Step 14: Add Automated Analysis to Canary Steps#
Combine canary deployments with Argo Rollouts AnalysisTemplates to automate rollout decisions. Define an AnalysisTemplate that queries Prometheus for the success rate (e.g., successCondition: result[0] > 0.99). Insert analysis steps between weight increases in the canary strategy. If the success rate drops below the threshold, the rollout automatically aborts and rolls back without human intervention.

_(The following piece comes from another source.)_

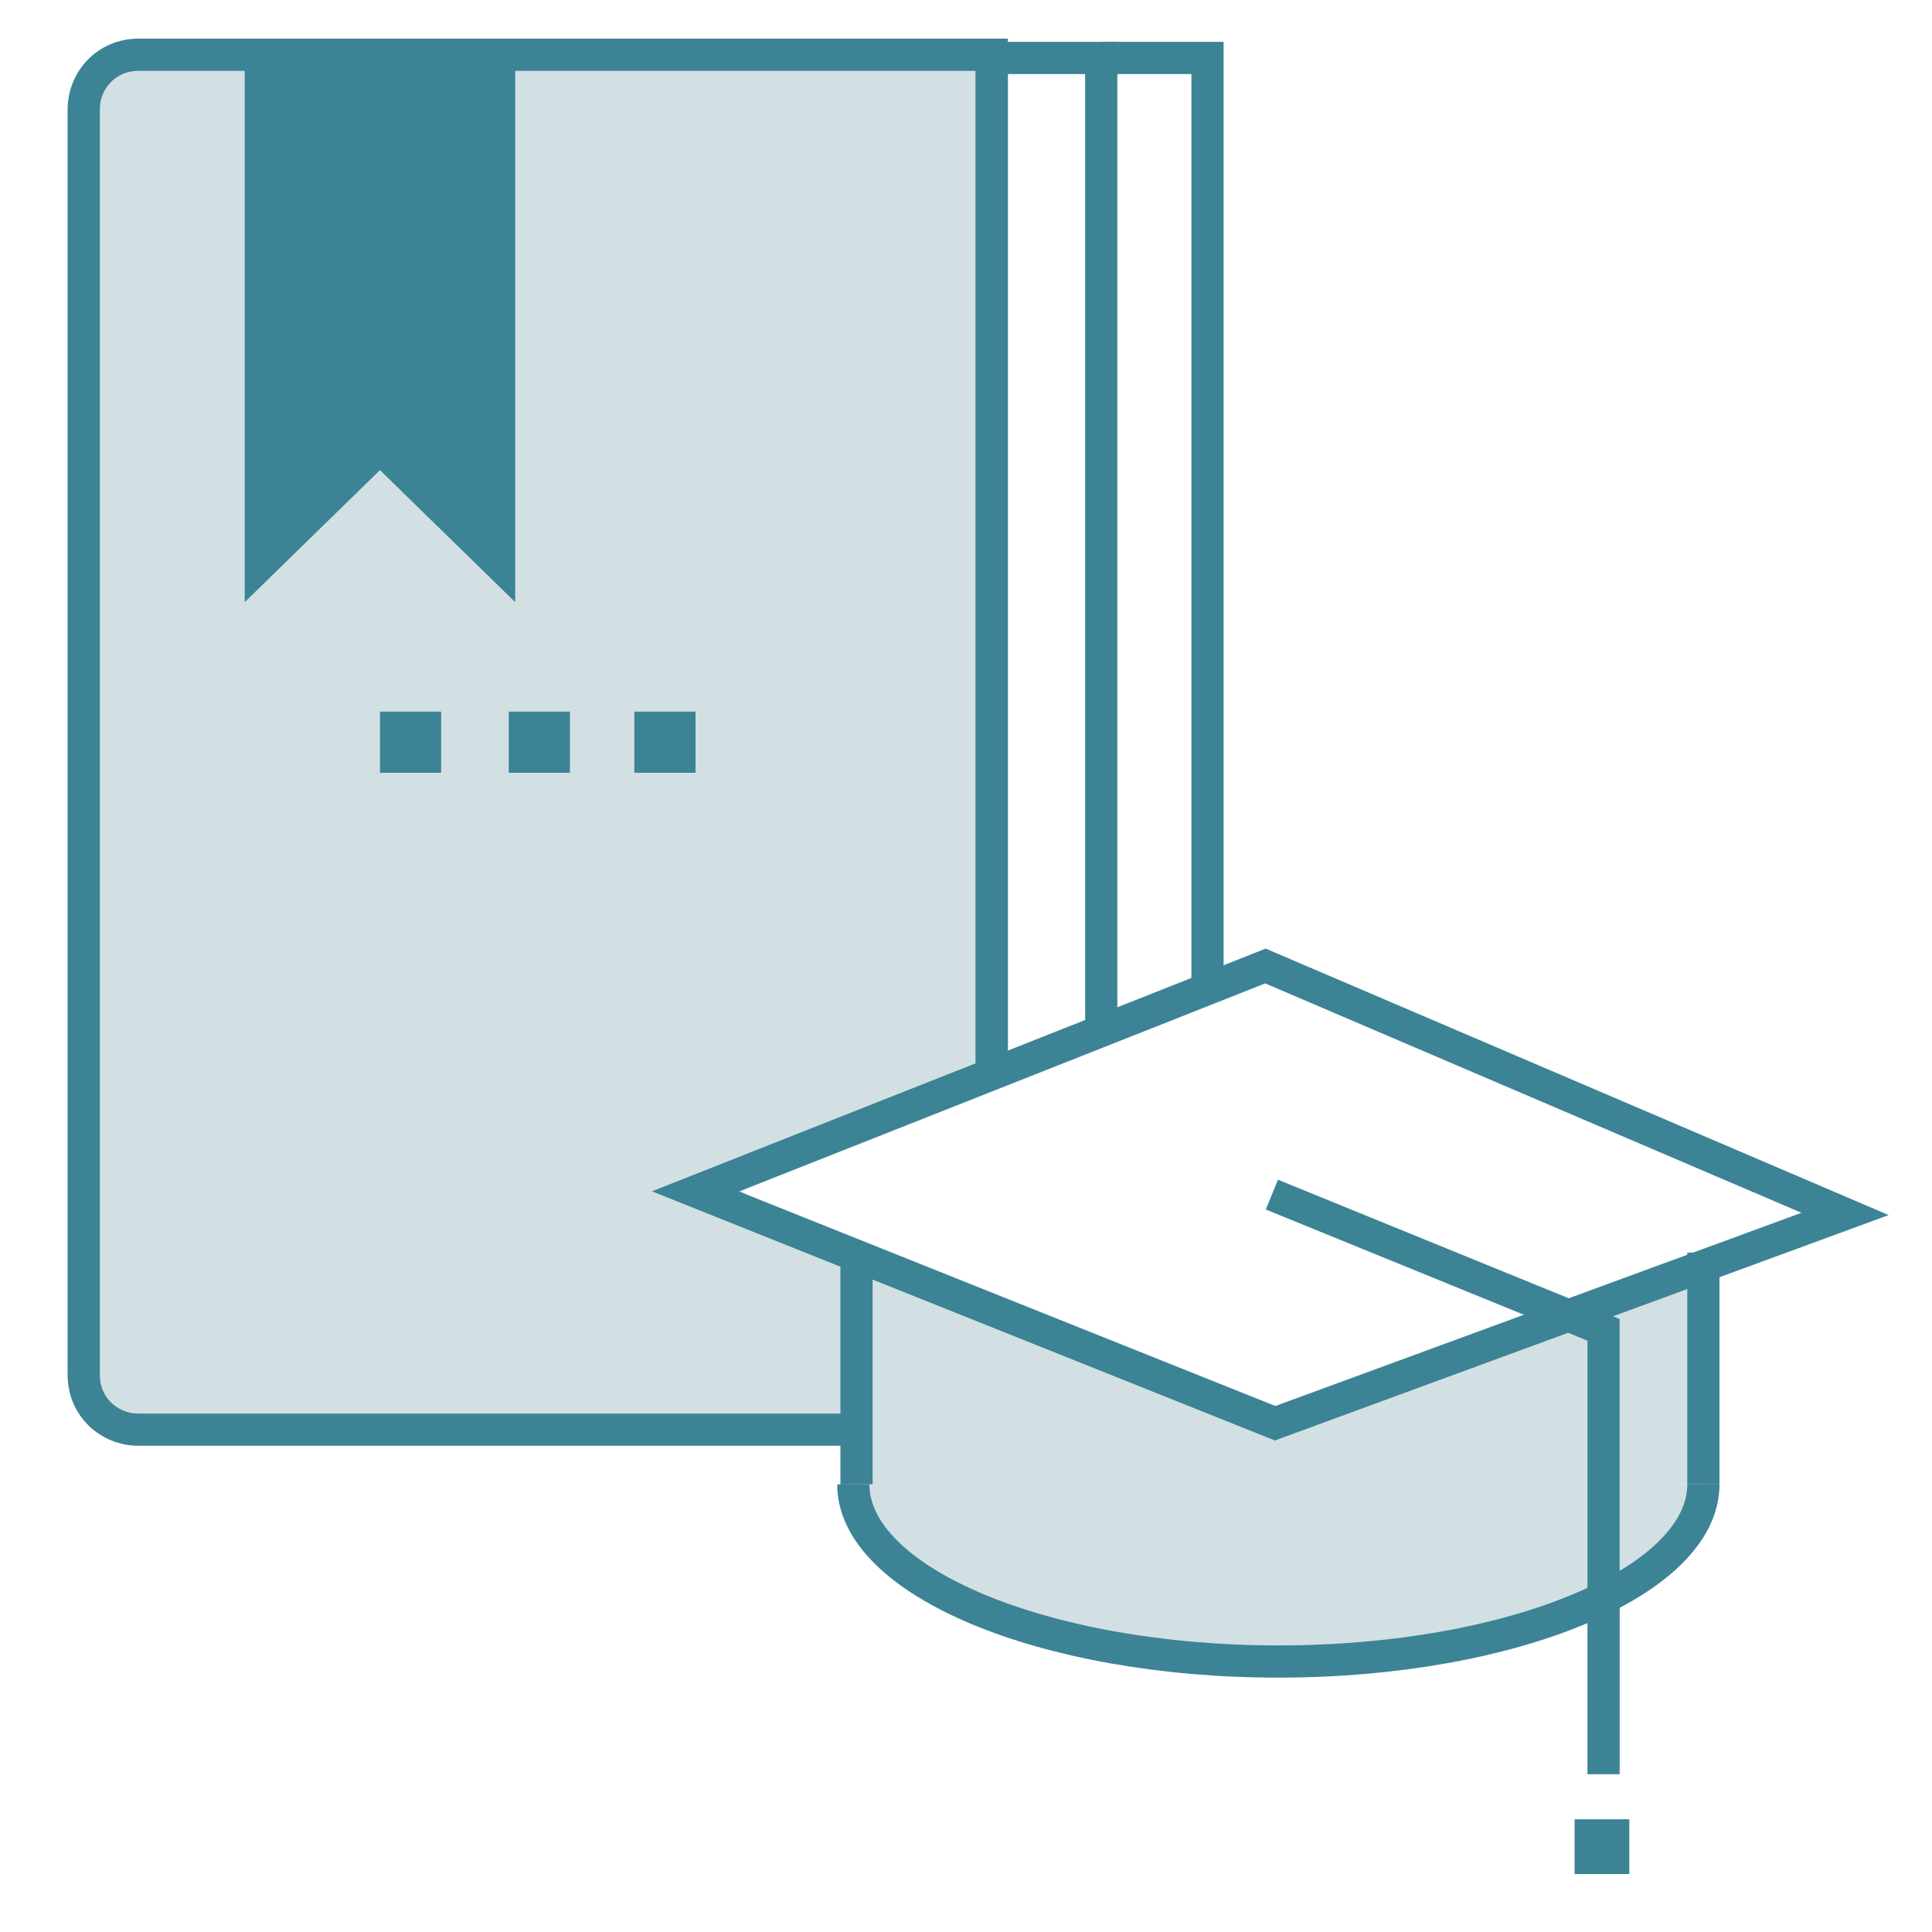 <?xml version="1.0" encoding="UTF-8"?> <!-- Generator: Adobe Illustrator 26.0.2, SVG Export Plug-In . SVG Version: 6.00 Build 0) --> <svg xmlns="http://www.w3.org/2000/svg" xmlns:xlink="http://www.w3.org/1999/xlink" version="1.1" id="Layer_1" x="0px" y="0px" width="60px" height="60px" viewBox="0 0 60 60" style="enable-background:new 0 0 60 60;" xml:space="preserve"> <style type="text/css"> .st0{fill:#D2E0E3;} .st1{fill:none;stroke:#3C8396;stroke-miterlimit:10;} .st2{fill:#3C8396;} .st3{fill:#D2E0E3;stroke:#3C8396;stroke-miterlimit:10;} </style> <g> <path class="st0" d="M26.6,44.4H4.3c-0.9,0-1.7-0.7-1.7-1.7l0,0V3.4c0-0.9,0.7-1.7,1.7-1.7l0,0h26.5v31.3l-8.2,3.7l4,2.7L26.6,44.4 z"></path> <path class="st1" d="M26.6,44.4H4.3c-0.9,0-1.7-0.7-1.7-1.7l0,0V3.4c0-0.9,0.7-1.7,1.7-1.7l0,0h26.5v31.3"></path> <polyline class="st1" points="34.2,32.1 34.2,1.8 30.8,1.8 30.8,33.1 "></polyline> <polyline class="st1" points="34.2,1.8 37.5,1.8 37.5,30.9 "></polyline> <polygon class="st0" points="52.6,46.1 26.6,46.1 26.6,39.5 39.6,44.2 52.6,39.5 "></polygon> <rect x="11.8" y="22.1" class="st2" width="1.9" height="1.9"></rect> <rect x="15.8" y="22.1" class="st2" width="1.9" height="1.9"></rect> <rect x="19.7" y="22.1" class="st2" width="1.9" height="1.9"></rect> <polygon class="st2" points="16,18.7 11.8,14.6 7.6,18.7 7.6,1.9 16,1.9 "></polygon> <rect x="48.9" y="56.5" class="st2" width="1.7" height="1.7"></rect> <polygon class="st1" points="57.3,37.7 39.6,44.2 21.6,37 39.3,30 "></polygon> <line class="st1" x1="26.6" y1="46.1" x2="26.6" y2="38.9"></line> <line class="st1" x1="52.9" y1="38.9" x2="52.9" y2="46.1"></line> <path class="st3" d="M52.9,46.1c0,3-5.9,5.5-13.2,5.5s-13.2-2.5-13.2-5.5"></path> <polyline class="st1" points="39.5,37.1 49.8,41.3 49.8,55.1 "></polyline> </g> </svg> 
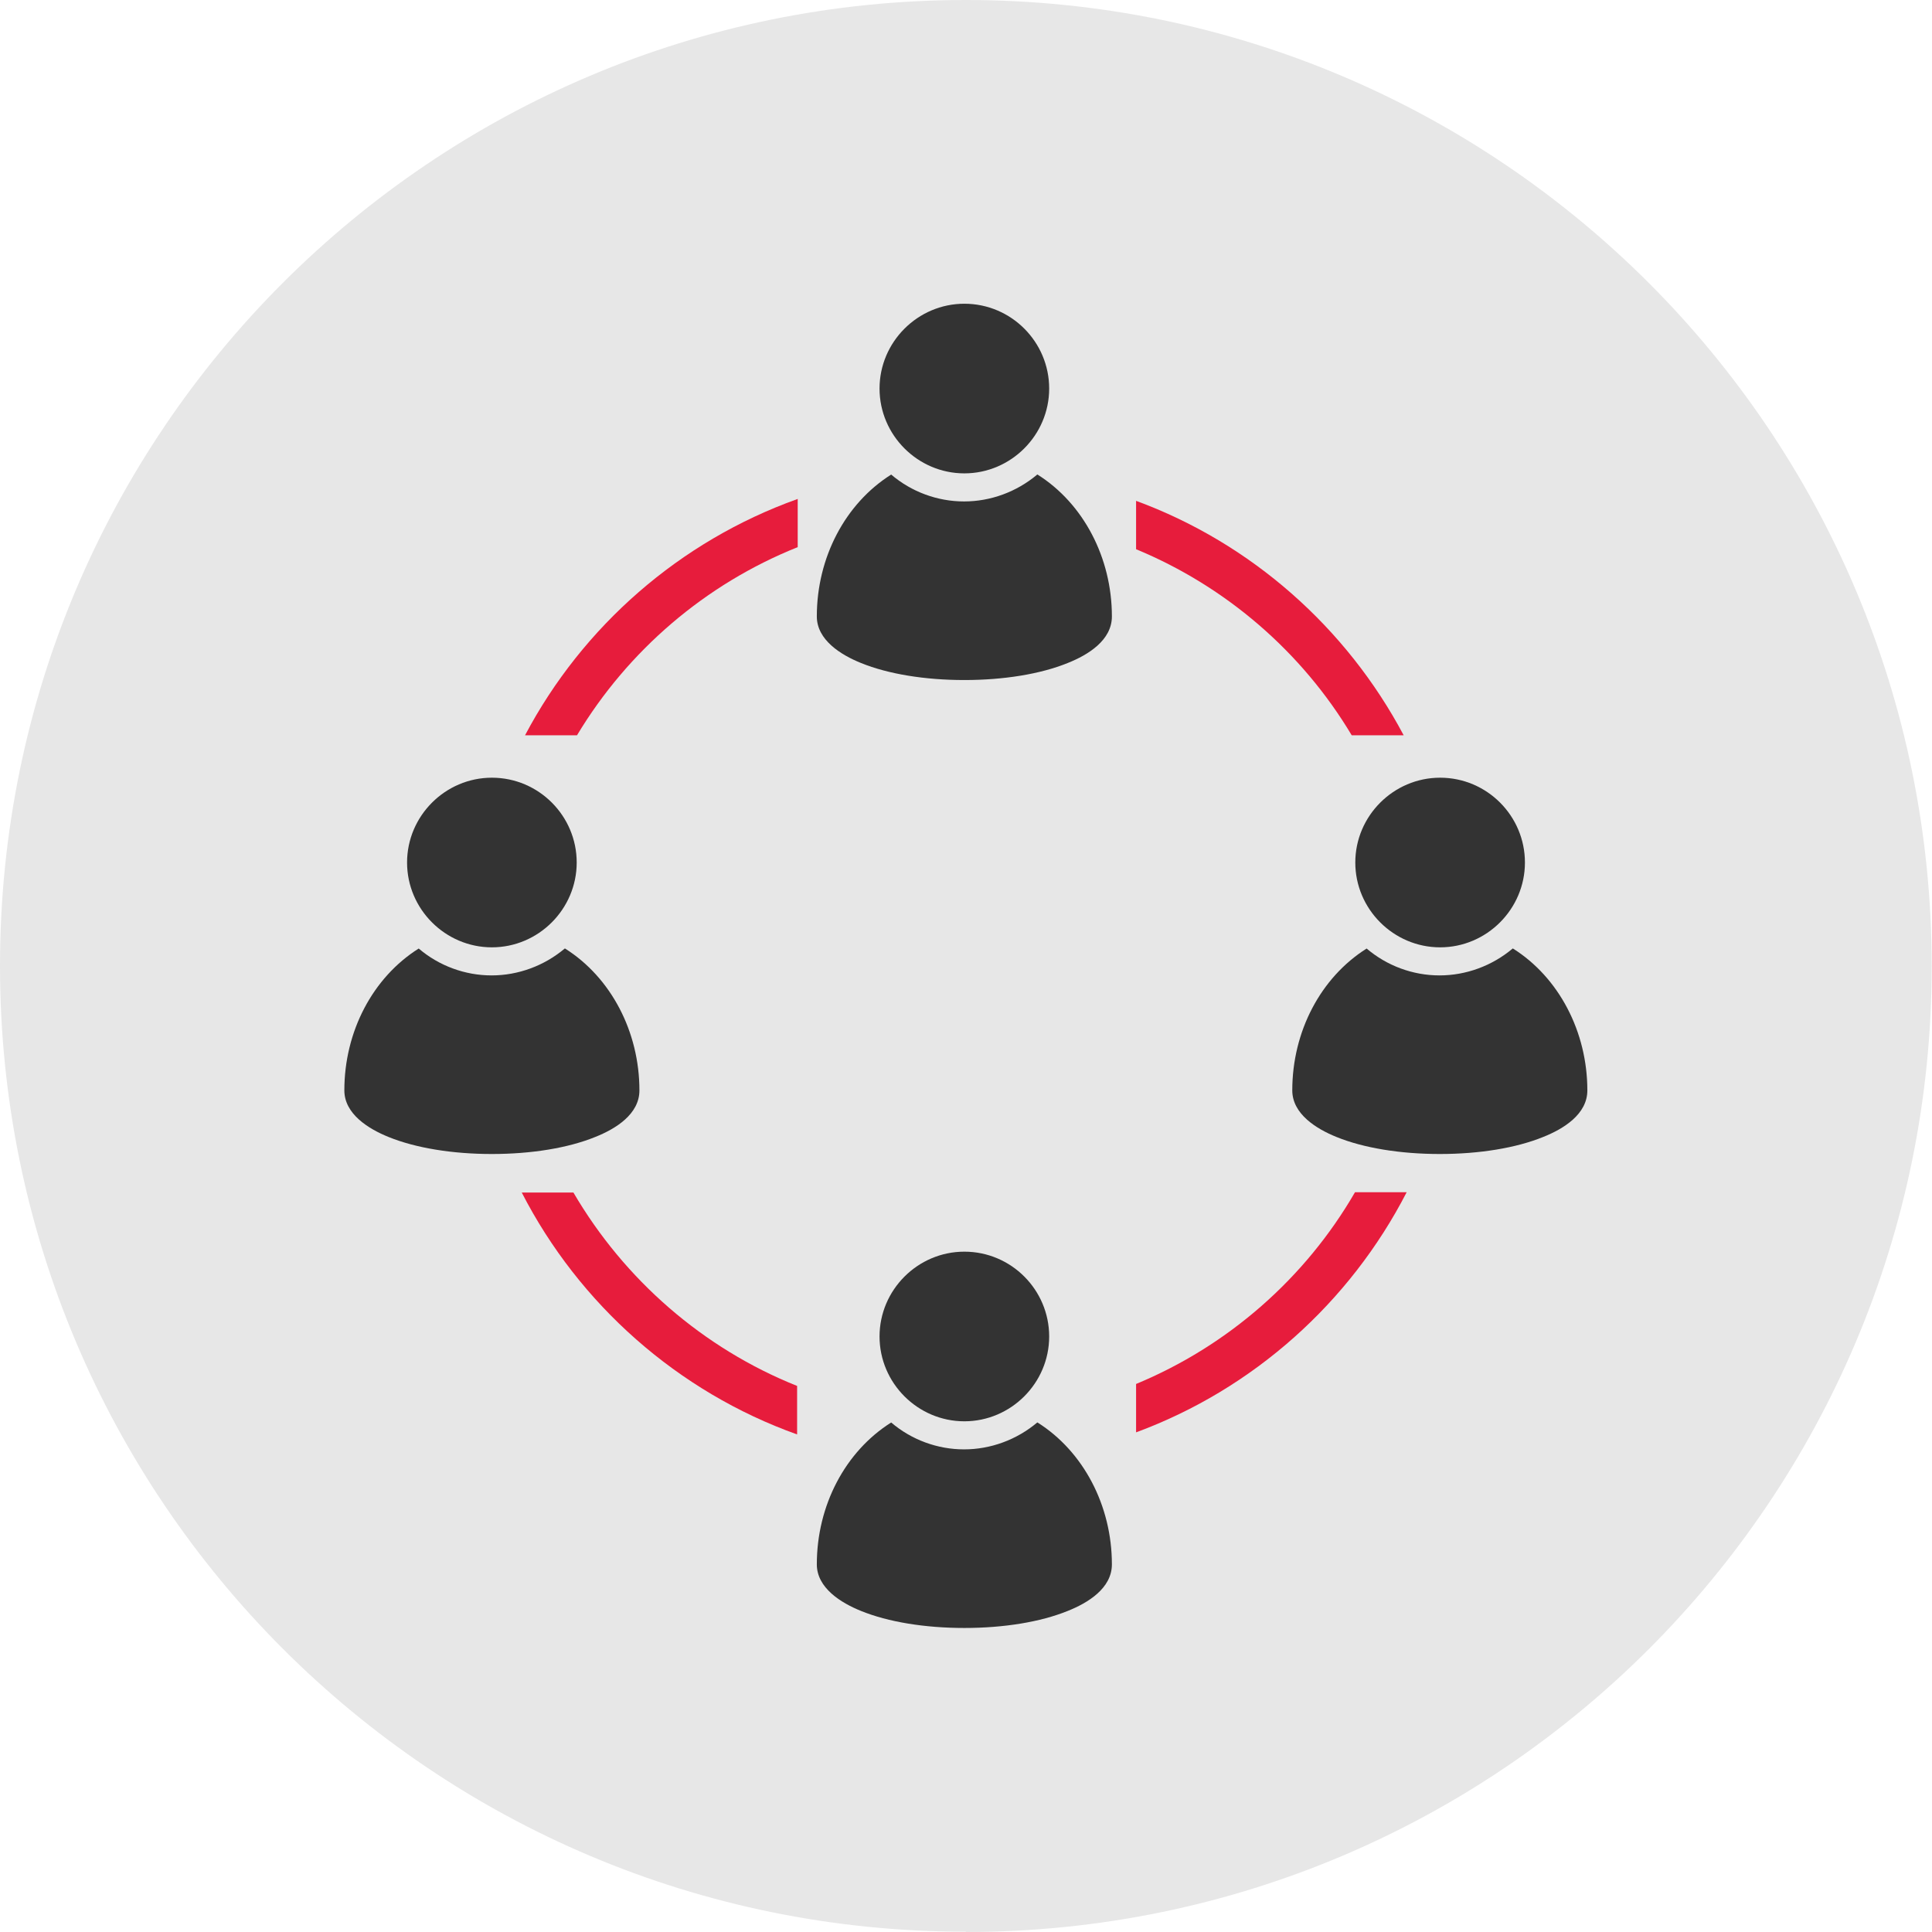 <?xml version="1.0" encoding="UTF-8"?><svg id="Layer_2" xmlns="http://www.w3.org/2000/svg" viewBox="0 0 64.69 64.69"><defs><style>.cls-1{fill:#333;}.cls-2{fill:#e7e7e7;}.cls-3{fill:#e71c3c;}</style></defs><g id="Layer_1-2"><g><path class="cls-2" d="m32.34,64.69c17.86,0,32.34-14.48,32.34-32.34S50.21,0,32.34,0,0,14.48,0,32.34s14.48,32.34,32.34,32.34"/><path class="cls-1" d="m32.29,10.17c1.57,0,2.84,1.28,2.84,2.84s-1.28,2.84-2.84,2.84-2.84-1.28-2.84-2.84,1.28-2.84,2.84-2.84"/><path class="cls-1" d="m34.74,15.89c1.54.97,2.49,2.79,2.49,4.75,0,.8-.8,1.29-1.48,1.56-.91.37-2.14.57-3.46.57s-2.55-.2-3.46-.57c-.67-.27-1.48-.77-1.48-1.56,0-1.97.95-3.78,2.49-4.75.68.58,1.55.9,2.44.9s1.76-.32,2.45-.9"/><path class="cls-1" d="m32.29,41.91c1.57,0,2.84,1.28,2.84,2.84s-1.28,2.84-2.84,2.84-2.84-1.28-2.84-2.84,1.28-2.84,2.84-2.84"/><path class="cls-1" d="m34.74,47.63c1.54.97,2.49,2.79,2.49,4.75,0,.8-.8,1.29-1.48,1.56-.91.37-2.14.57-3.46.57s-2.55-.2-3.46-.57c-.67-.27-1.48-.77-1.48-1.56,0-1.97.95-3.78,2.49-4.75.68.58,1.55.9,2.44.9s1.76-.32,2.45-.9"/><path class="cls-1" d="m16.47,26.04c1.57,0,2.84,1.28,2.84,2.84s-1.28,2.84-2.84,2.84-2.84-1.28-2.84-2.84,1.28-2.84,2.84-2.84"/><path class="cls-1" d="m18.92,31.76c1.54.97,2.49,2.79,2.49,4.75,0,.8-.8,1.29-1.48,1.56-.91.37-2.14.57-3.46.57s-2.55-.2-3.46-.57c-.67-.27-1.48-.77-1.48-1.56,0-1.97.95-3.78,2.49-4.75.68.58,1.55.9,2.44.9s1.76-.32,2.45-.9"/><path class="cls-1" d="m48.22,26.04c1.57,0,2.84,1.28,2.84,2.84s-1.28,2.84-2.84,2.84-2.84-1.28-2.84-2.84,1.28-2.84,2.84-2.84"/><path class="cls-1" d="m50.66,31.76c1.54.97,2.49,2.79,2.49,4.75,0,.8-.8,1.29-1.48,1.56-.91.37-2.14.57-3.46.57s-2.55-.2-3.46-.57c-.67-.27-1.48-.77-1.48-1.56,0-1.97.95-3.78,2.49-4.75.68.58,1.55.9,2.44.9s1.76-.32,2.45-.9"/><path class="cls-3" d="m26.7,16.71c-3.94,1.41-7.19,4.26-9.12,7.91h1.74c1.7-2.83,4.29-5.06,7.39-6.3v-1.62Z"/><path class="cls-3" d="m38.04,16.77v1.62c3.02,1.25,5.56,3.45,7.22,6.23h1.74c-1.91-3.6-5.1-6.43-8.96-7.85"/><path class="cls-3" d="m26.7,46.41c-3.16-1.26-5.8-3.57-7.5-6.48h-1.73c1.92,3.74,5.22,6.67,9.22,8.1v-1.62Z"/><path class="cls-3" d="m45.37,39.92c-1.66,2.87-4.24,5.14-7.33,6.42v1.62c3.93-1.45,7.16-4.35,9.06-8.04h-1.73Z"/></g></g></svg>

Step 15: Blue-Green for Zero-Downtime Switches#
Blue-green deployments maintain two complete environments. The new version deploys behind a preview service. Run validation against the preview. When satisfied, promote to switch the active service to the new version. Set scaleDownDelaySeconds (e.g., 300) to keep old pods running as a fast rollback option – if anything goes wrong in the first minutes, rolling back is instantaneous because the old pods are still available.
Common Mistakes#
- Manually determining version numbers. Humans forget, disagree, and make mistakes. Automate version determination from commit messages.
- Writing changelogs by hand. Hand-written changelogs are always incomplete. Generate them from commit history. If your commit messages are not informative enough for a changelog, the problem is your commit messages.
- No rollback testing. Teams discover their rollback does not work during an incident. Test rollbacks as part of every release to non-production environments.
- Deploying 100% immediately. Progressive rollouts exist to contain failures. Even a 5-minute canary at 10% traffic catches issues that testing missed.
- Rollback criteria that require judgment. “Roll back if things look bad” is not a criterion. Define specific, measurable thresholds that any on-call engineer can evaluate in seconds.